As far as the rakes, I've got both rakes and gloves.  I would much rather use my gloves.  They were slick as ice to begin with but now I'm able to get a little traction in getting them off.  I took a rasp and did a few files on the top of the fingers to give me a rough texture to grab hold of.  Otherwise, they were a pain to get off when new.  I've got big hands.

 

My first pictures of the first smoking looked great in the brand new cabinet also.  Now the cabinet is nicely seasoned and not as pretty.  Anyone have a good suggestion for cleaning the inside of one of these units?  For now I'm using 401 on industrial cloth towels (like you get at Sam's Club), then I spray just water on clean cloth towels and try to wipe off any cleaner.  The towels will never look clean again, don't care how many washings.

post #15 of 15
Thread Starter 
Quote:
Originally Posted by redclaymud View Post

I usually use three internal thermometers and average out the temperature.  I guess there is a way to calibrate the 3rd party therms but I haven't taken the time to read up on it.

 

You might also try rotating the racks midway through the smoke.  How was the smoke, btw? 

 

As far as the rakes, I've got both rakes and gloves.  I would much rather use my gloves.  They were slick as ice to begin with but now I'm able to get a little traction in getting them off.  I took a rasp and did a few files on the top of the fingers to give me a rough texture to grab hold of.  Otherwise, they were a pain to get off when new.  I've got big hands.

 

My first pictures of the first smoking looked great in the brand new cabinet also.  Now the cabinet is nicely seasoned and not as pretty.  Anyone have a good suggestion for cleaning the inside of one of these units?  For now I'm using 401 on industrial cloth towels (like you get at Sam's Club), then I spray just water on clean cloth towels and try to wipe off any cleaner.  The towels will never look clean again, don't care how many washings.

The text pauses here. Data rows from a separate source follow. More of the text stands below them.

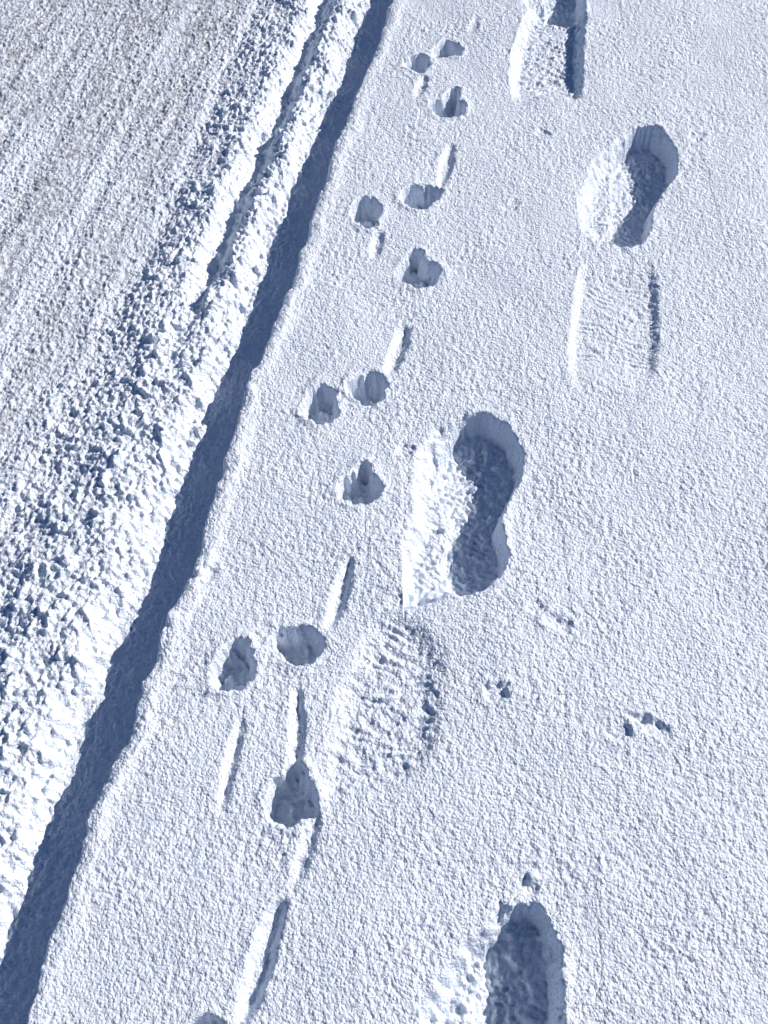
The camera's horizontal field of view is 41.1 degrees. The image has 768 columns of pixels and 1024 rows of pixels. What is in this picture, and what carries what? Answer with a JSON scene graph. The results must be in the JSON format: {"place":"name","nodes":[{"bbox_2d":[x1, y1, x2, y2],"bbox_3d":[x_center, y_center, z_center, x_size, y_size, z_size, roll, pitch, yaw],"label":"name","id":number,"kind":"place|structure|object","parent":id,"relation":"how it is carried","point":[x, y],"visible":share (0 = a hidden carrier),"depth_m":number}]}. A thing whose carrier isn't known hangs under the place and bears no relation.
{"place":"outdoors","nodes":[
{"label":"outdoors","id":0,"kind":"place"},
{"bbox_2d":[0,0,392,1023],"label":"snowy road","id":1,"kind":"structure","parent":0,"point":[164,170],"depth_m":1.78},
{"bbox_2d":[27,0,767,1023],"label":"snow ground","id":2,"kind":"structure","parent":0,"point":[635,526],"depth_m":1.42},
{"bbox_2d":[201,816,322,1023],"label":"hare track","id":3,"kind":"structure","parent":2,"relation":"on","point":[260,966],"depth_m":1.18},
{"bbox_2d":[211,554,354,827],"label":"hare track","id":4,"kind":"structure","parent":2,"relation":"on","point":[290,799],"depth_m":1.34},
{"bbox_2d":[302,323,410,504],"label":"hare track","id":5,"kind":"structure","parent":2,"relation":"on","point":[362,484],"depth_m":1.65},
{"bbox_2d":[315,609,440,817],"bbox_3d":[0.005,0.277,1.351,0.132,0.059,0.305,12,57,8],"label":"boot scuff mark","id":6,"kind":"object","parent":2,"relation":"on","point":[382,735],"visible":1,"depth_m":1.34},
{"bbox_2d":[352,142,454,288],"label":"hare track","id":7,"kind":"structure","parent":2,"relation":"on","point":[423,271],"depth_m":1.89},
{"bbox_2d":[404,14,480,117],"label":"hare track","id":8,"kind":"structure","parent":2,"relation":"on","point":[441,108],"depth_m":2.12},
{"bbox_2d":[190,127,707,893],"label":"clump","id":9,"kind":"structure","parent":2,"relation":"on","point":[498,689],"depth_m":1.41},
{"bbox_2d":[403,410,524,619],"bbox_3d":[0.121,0.008,1.530,0.186,0.061,0.370,0,56,0],"label":"boot footprint","id":10,"kind":"object","parent":2,"relation":"on","point":[466,468],"visible":0.94,"depth_m":1.55},
{"bbox_2d":[420,901,563,1023],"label":"boot footprint","id":11,"kind":"object","parent":2,"relation":"on","point":[503,966],"visible":1,"depth_m":1.19},
{"bbox_2d":[512,4,583,108],"bbox_3d":[0.344,-0.952,2.164,0.144,0.054,0.400,6,57,4],"label":"boot scuff mark","id":12,"kind":"object","parent":2,"relation":"on","point":[547,60],"visible":0.98,"depth_m":2.16},
{"bbox_2d":[521,0,582,27],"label":"boot footprint","id":13,"kind":"object","parent":2,"relation":"on","point":[559,13],"visible":0.82,"depth_m":2.30},
{"bbox_2d":[570,252,658,395],"bbox_3d":[0.390,-0.320,1.721,0.144,0.016,0.341,8,57,5],"label":"boot scuff mark","id":14,"kind":"object","parent":2,"relation":"on","point":[615,337],"visible":1,"depth_m":1.72},
{"bbox_2d":[577,125,678,250],"bbox_3d":[0.453,-0.603,1.937,0.160,0.060,0.371,21,59,13],"label":"boot footprint","id":15,"kind":"object","parent":2,"relation":"on","point":[629,179],"visible":0.91,"depth_m":1.97}
]}

The shoulder can out perfect! 1 of the 2 brisket halves was fine and couldn't have been any better. The other one was tough enough to be used as a leather belt. We have plans to mix it in with some split pea's and other soups. But yes it was over cooked to the max. I wasn't happy enough with the product to take pictures.

 

Money is alittle tight this week but next weekend I should have 2 shoulders on for a party at work and I'll just watch it and enjoy this rather warmer than normal weather.

 

I was thinking I might only clean the cabinet once every  2 or 3 smokes. But I would assume heating it up with a pan of water only on the inside would create steam and help to loosen that cooked up funk. A soft (not plastic but not wool) brush with handle might handle it well after it cools some? I guess you could go easy and use small amounts of oven cleaner spray...maybe to clean.